His face hovering in front of yours, his breath hitting your lips, his body hot against yours, none of this is out of the ordinary or unfamiliar. You have always been close. But somehow when you're feeling like you're in a nightmare or a bad action movie, wondering when this will all be explained and if it will end badly, there's more to it. Chester's quivering pierced lip has always demanded your kiss and you've always given it willingly because it felt right. Friends kissed. Friends touched. Friends felt butterflies in their stomachs when the other was so close. Chester's fingers have always pet affectionately at the soft hair at the nape of your neck. Yours have always clutched him to you tightly, have always exhibited your possessive need to show others that he is your best friend, that he means more to you and you mean more to him, that you matter more than they ever could.
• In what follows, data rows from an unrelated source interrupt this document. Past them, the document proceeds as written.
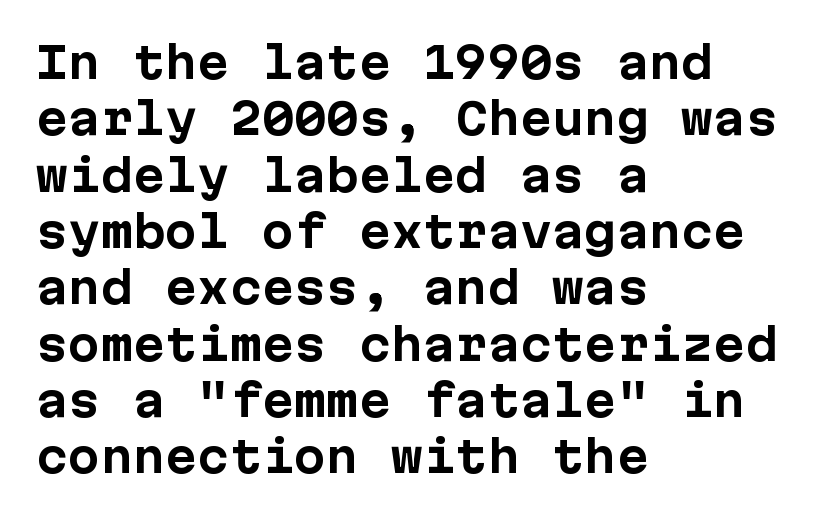
The image shows 43 px bold sans-serif type, upright; set left-aligned, normal line spacing (1.31x), normal letter spacing, not underlined; low stroke contrast and a medium x-height.
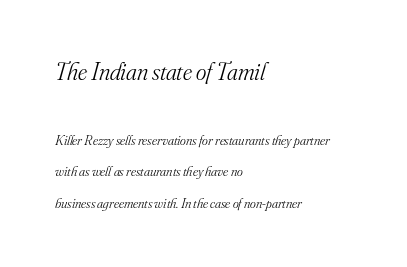
Q: Is the text bold? A: No.
Q: Is the text italic (slanted)? A: Yes, it leans right by about 16 degrees.
Q: Is the text underlined? A: No.
Q: How is the paragraph aligned? A: Left-aligned.
Q: Is the spacing between letters normal or unusually wide? A: Normal.
Q: Is the spacing between lines tight, normal or loose? A: Loose.
Q: Which block of text is set in a larger size, the first (top) or the second (bottom)? A: The first (top) one.
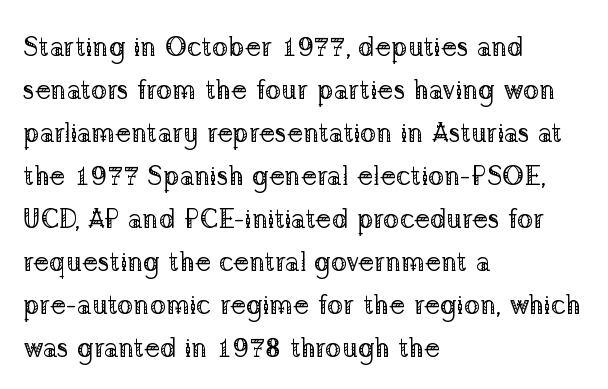
The image shows 27 px text type, upright; set left-aligned, normal line spacing (1.59x), normal letter spacing, not underlined.
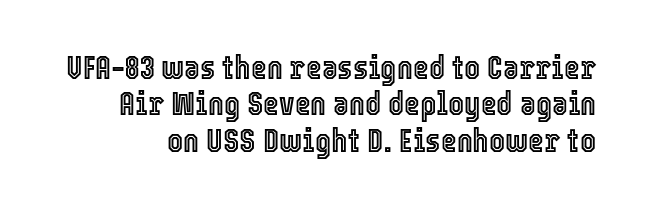
{"italic": "no", "width": "condensed", "x_height": "medium", "monospaced": "no", "underline": "no", "line_spacing": "tight", "line_spacing_ratio": 1.07, "letter_spacing": "normal", "letter_spacing_em": 0.0, "glyph_px": 34}
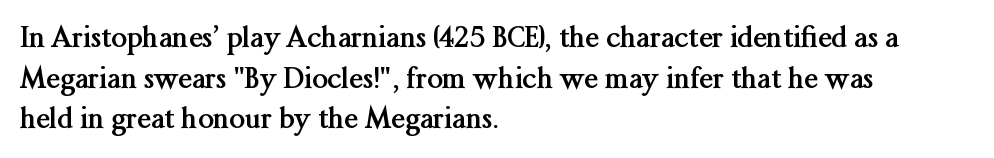
The image shows 28 px semibold serif type, upright; set left-aligned, normal line spacing (1.45x), normal letter spacing, not underlined; medium stroke contrast and a medium x-height.
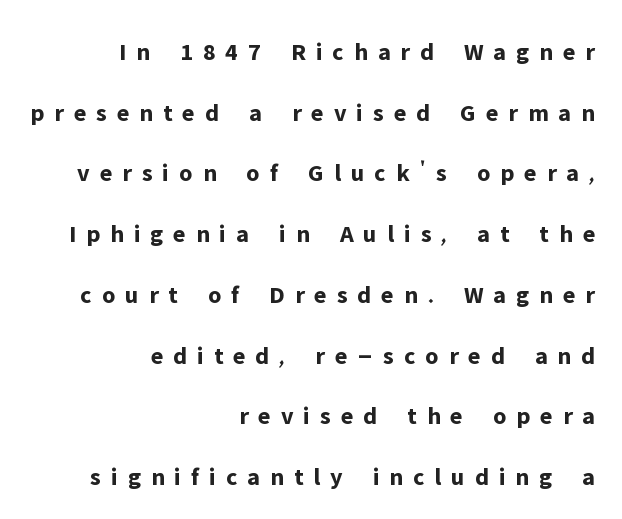
{"italic": "no", "bold": "yes", "underline": "no", "align": "right", "line_spacing": "loose", "line_spacing_ratio": 2.43, "letter_spacing": "wide", "letter_spacing_em": 0.4, "glyph_px": 25}
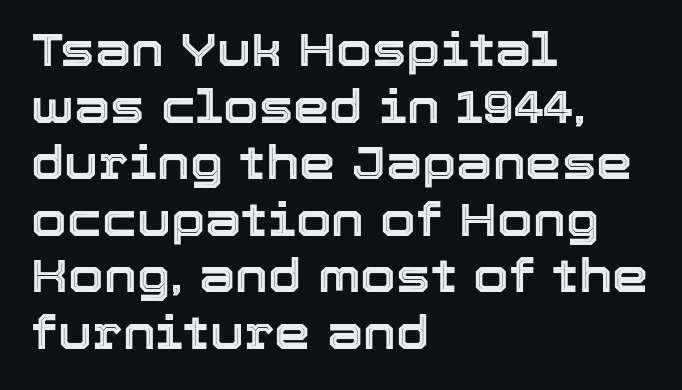
The image shows 46 px text type, upright; set left-aligned, line spacing 1.23x, normal letter spacing, not underlined; a medium x-height.
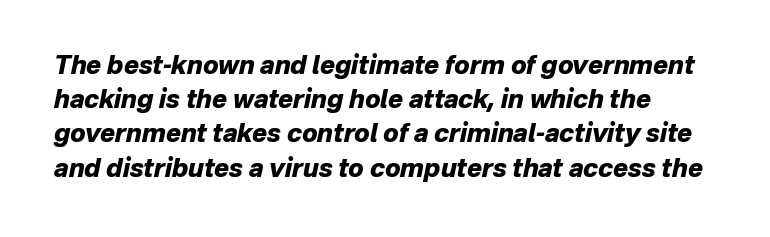
{"italic": "yes", "lean": "right", "slant_degrees": 12, "bold": "yes", "underline": "no", "line_spacing": "normal", "line_spacing_ratio": 1.37, "letter_spacing": "normal", "letter_spacing_em": 0.0, "glyph_px": 25}

So when a lock clicks, resonating off the steel walls of the room and the blood drains from Chester's face, you know he's mirroring your expression. You know, even though you suddenly feel numb, that the pair of you are clutching tight enough to leave bruises. Chester's breath isn't hitting your face anymore. He isn't trembling. He's freezing in your arms, now.

"Hey Mike," the man says as he enters the room, followed closely by two others.